The trick is to prevent penetration and therefore the  infection for starters. These pathogens are everywhere in our growing environments, but while on the outside of the plants, they are far more disposed to any control measure taken by the grower. One can reduce the possibility of infection by these rot diseases in several ways. Because they require wet conditions in order to first penetrate tissue, efforts should be directed towards cutting the amount of time the plants are truly wet. It is hard in watering to avoid getting water on the leaves, yet if watering is done early in the day just before or as conditions become optimum for evaporation, the length of time water remains on the plant surfaces can become shorter a lot. Naturally, good air movement, helps greatly in this regard. Efforts should still be made to cut the splashing of water from plant to plant, as this is one major ways by which diseases are spread. After watering, water which has collected in crowns and new growths should be on time cut by tipping the plants, as it can persist some time even under drying conditions. If conditions are not conducive to rapid evaporation, as they can be on a dark, winter’s day, then watering should be put back.
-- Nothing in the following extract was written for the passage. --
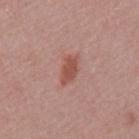A male patient in their 50s. The recorded lesion diameter is about 3.5 mm. Captured under white-light illumination. Cropped from a total-body skin-imaging series; the visible field is about 15 mm. From the mid back.

Keeping things less than soaking wet for rot prevention applies to below-surface roots and rhizomes as well. Potting media which is decomposed or over-watered provides most suitable conditions for an insidious infection of black rot. Repotting very carefully is a part of every good prevention program. Good habits such as always using sterilized and appropriate cutting tools in order to make clean cuts also make a lot difference. I find flaming clippers or scissors with one of the cheep, disposable lighters on the market is a quick and easy way to sterilize. Others recommend boiling water, 2% formalin or Clorox dips, or the use of disposable blades for one-time-only use. Cutting one’s orchids with the same dirty blade is a highly efficient way of spreading rots, other diseases, and virus, throughout the whole collection. The wound made in the process of cutting any plant tissue is an open invitation to infection. Many experienced orchid growers seal this most likely upcoming infection avenue with a some kind of paste fungicidal powder. Some burn these cut surfaces with a hot blade (Thomas, 1980). General sanitation involving taking away any dead or infected plant tissue from the growing area also goes far in cutting the ammunition of the enemy.
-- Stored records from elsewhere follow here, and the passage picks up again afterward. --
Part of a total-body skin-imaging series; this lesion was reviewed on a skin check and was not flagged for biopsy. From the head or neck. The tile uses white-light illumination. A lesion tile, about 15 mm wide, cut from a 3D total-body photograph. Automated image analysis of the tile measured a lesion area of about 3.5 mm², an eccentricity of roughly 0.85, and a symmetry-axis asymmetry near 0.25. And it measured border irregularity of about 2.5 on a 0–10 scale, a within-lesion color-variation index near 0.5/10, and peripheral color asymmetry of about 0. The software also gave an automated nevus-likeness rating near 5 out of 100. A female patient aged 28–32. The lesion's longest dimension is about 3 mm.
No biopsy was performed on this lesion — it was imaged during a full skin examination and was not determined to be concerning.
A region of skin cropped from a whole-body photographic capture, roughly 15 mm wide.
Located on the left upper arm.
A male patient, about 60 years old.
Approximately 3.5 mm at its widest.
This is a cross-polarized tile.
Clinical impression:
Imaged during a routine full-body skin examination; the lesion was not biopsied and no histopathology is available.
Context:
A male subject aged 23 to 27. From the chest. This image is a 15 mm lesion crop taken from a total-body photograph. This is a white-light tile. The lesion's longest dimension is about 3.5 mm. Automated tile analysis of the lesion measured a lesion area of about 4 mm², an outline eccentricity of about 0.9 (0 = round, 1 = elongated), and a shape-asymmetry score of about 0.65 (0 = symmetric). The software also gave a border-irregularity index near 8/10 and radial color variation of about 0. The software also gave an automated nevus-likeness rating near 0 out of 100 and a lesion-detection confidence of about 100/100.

Even with all these measures diligently taken, a grower is still likely to encounter bacterial or fungal rots at one time or another. The hobbyist should be particularly careful during periods of cool, dark and damp conditions which generally happen during the winter months. As previously mentioned, these are conditions when rots can happen in greatest frequency (though of course they can and do happen during the warm times of the year). Likely rot victims are the “children of the orchid world,” those small seedlings and mericlones found in every collection. Generally, the smaller and weaker the plant, the more susceptible it is to a quick and lethal attack, though this is not to say that no healthy, flowering-sized plants have given in! Specimen plants are also possible candidates for infection, especially when they are in large pots. In the center of these pots a core of medium which is the last to dry and the first to decay can form, on top of which are normally the oldest, weakest pseudobulbs. Many a specimen plant has lost its beginnings, its size, and perhaps its life to black or root rots which take advantage of this situation!
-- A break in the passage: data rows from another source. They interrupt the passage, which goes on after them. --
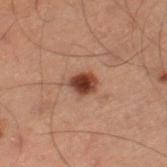Captured during whole-body skin photography for melanoma surveillance; the lesion was not biopsied.
The lesion is located on the left thigh.
Automated image analysis of the tile measured a lesion area of about 5 mm² and a symmetry-axis asymmetry near 0.15. And it measured a lesion color around L≈30 a*≈19 b*≈23 in CIELAB, a lesion–skin lightness drop of about 13, and a normalized border contrast of about 12.
A 15 mm crop from a total-body photograph taken for skin-cancer surveillance.
Measured at roughly 3 mm in maximum diameter.
The patient is a male aged 58 to 62.
The tile uses cross-polarized illumination.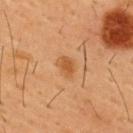{"biopsy_status": "not biopsied; imaged during a skin examination", "site": "chest", "patient": {"sex": "male", "age_approx": 55}, "image": {"source": "total-body photography crop", "field_of_view_mm": 15}}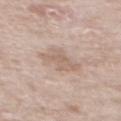Captured during whole-body skin photography for melanoma surveillance; the lesion was not biopsied. A lesion tile, about 15 mm wide, cut from a 3D total-body photograph. The subject is a male aged around 70. From the front of the torso.

Finally, spraying at regular times should be considered as part of a general program to prevent rot infection. Physan has been advised for both fungal “damping off’ and bacterial rot infections of seedlings. Consan Pacific, Inc. manufacturer of Physan, advises a monthly “preventative maintenance” spraying of Physan at the rate of 1-1 ½ teaspoons per gallon of water. In this method, a protective surface can be created on the plants to make infection less likely to happen before it starts.

Next month, the discussion will focus on the less life-threatening, although still very bothersome leaf-spotting diseases.